I am probably not the best strategist. I am definitely not the most experienced, or knowledgable. I have not advised the boards of Shell, or Meta, or Lockheed Martin. And I probably never will.
But I am willing to venture that I might be one of the best at “dumbing down and sexing up” strategy concepts. Making them quick, accessible, and fun. And that’s just what Starbucks did with real Italian coffee – introducing a “close enough” version of it to the world, and massively raising the average standards of coffee worldwide.
Just imagine for a second how impactful this might be at scale.
Strategic businesses create value. New value. Unstrategic businesses don’t. They either do something worthless, or they do something that’s been done many many many times before. What this means is that the amount of genuine value being produced by the vast mass of companies out there is a fraction of what it should be based on their intelligence and efforts.

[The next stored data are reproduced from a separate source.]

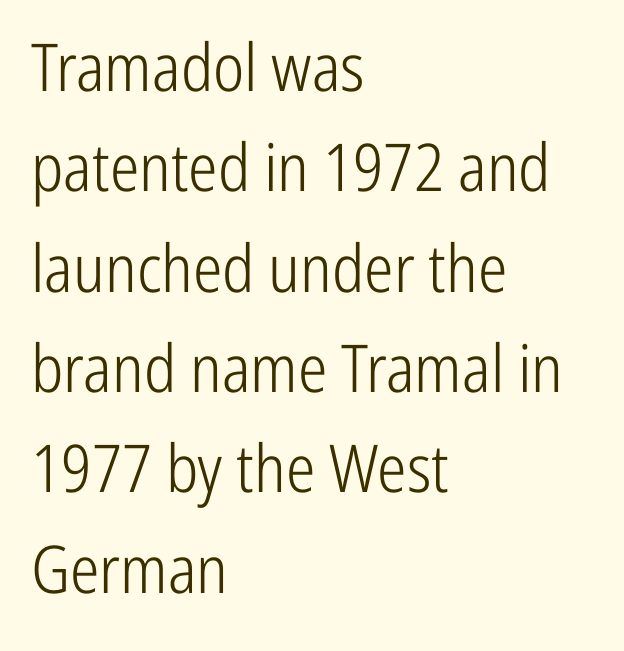
The letters sit at their default tracking, neither squeezed nor spread. This is roman type, the default non-slanted kind. Is this a fixed-width face? No — the glyphs have proportional, varying widths. Stem width sits at or under what a default text font uses. The baseline area is clear.
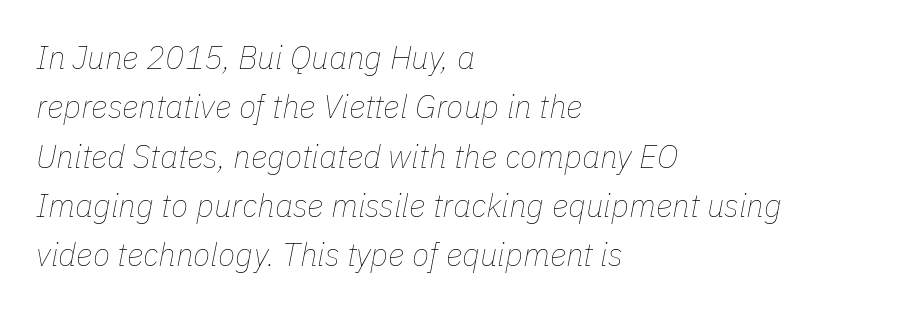
{"italic": "yes", "lean": "right", "slant_degrees": 11, "bold": "no", "weight": "thin", "width": "normal", "stroke_contrast": "low", "x_height": "medium", "monospaced": "no", "underline": "no", "align": "left", "line_spacing": "normal", "line_spacing_ratio": 1.54, "letter_spacing": "normal", "letter_spacing_em": 0.0, "glyph_px": 32}
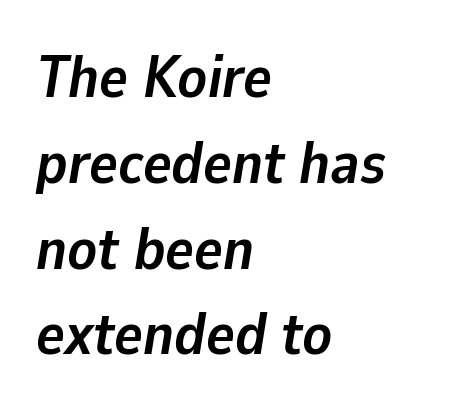
The image shows 60 px semibold type, italic (leaning right); set left-aligned, normal line spacing (1.43x), normal letter spacing, not underlined; low stroke contrast and a medium x-height.
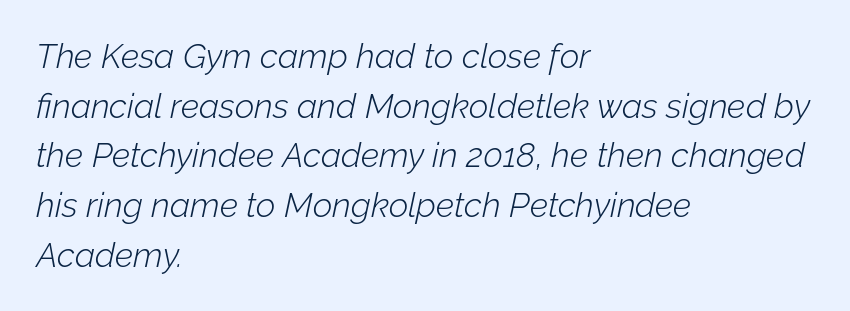
{"italic": "yes", "lean": "right", "slant_degrees": 12, "bold": "no", "weight": "light", "width": "normal", "stroke_contrast": "low", "x_height": "medium", "monospaced": "no", "underline": "no", "align": "left", "line_spacing": "normal", "line_spacing_ratio": 1.46, "letter_spacing": "normal", "letter_spacing_em": 0.0, "glyph_px": 34}
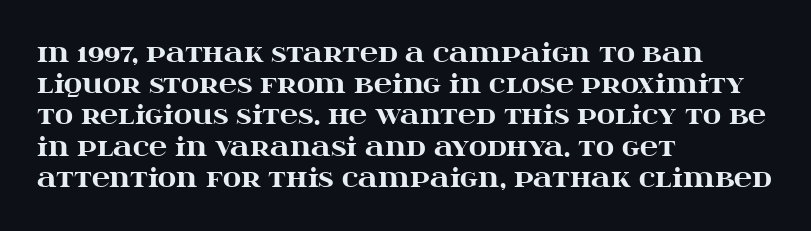
{"italic": "no", "bold": "yes", "underline": "no", "align": "left", "line_spacing": "normal", "line_spacing_ratio": 1.25, "letter_spacing": "normal", "letter_spacing_em": 0.0, "glyph_px": 25}
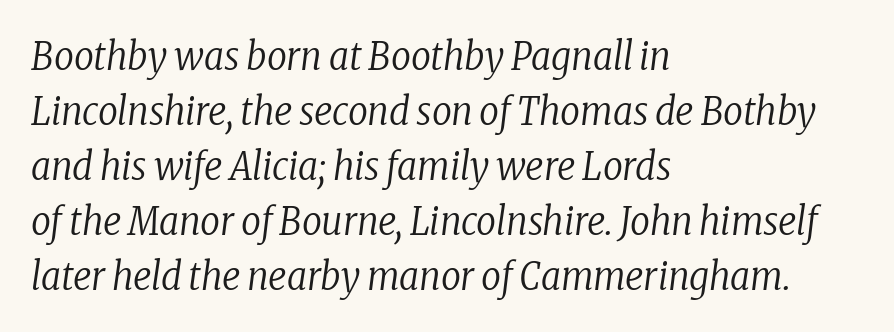
The strip under each line holds only bare page. This reads as an unemphasized weight, regular at the heaviest. You can tell it's italic because the verticals aren't actually vertical. Think of a printed novel: that variable character pitch is what you see here.

If however we were to make those masses strategic – not necessarily “Southwest Airlines strategic”, just reasonably strategic – then there would be an explosion of new value, growth, and richness created for the precise same amount of effort and capital outlay. (Or arguably even a little bit less).
This is the potential power of successful implementing “the Starbucks of Strategy”.
Now of course this probably sounds a bit grandiose. And who the hell am I anyway, I’ve got a few thousand followers but it’s not like I’m Tony Robbins or something.
But I do have a few ideas.
And regardless of the scale they achieve, it’s something to shoot for anyway. It’s something to be getting on with. So I’ll give it a crack. And at the very least hopefully produce a lot more value for you – my core crew – in the process.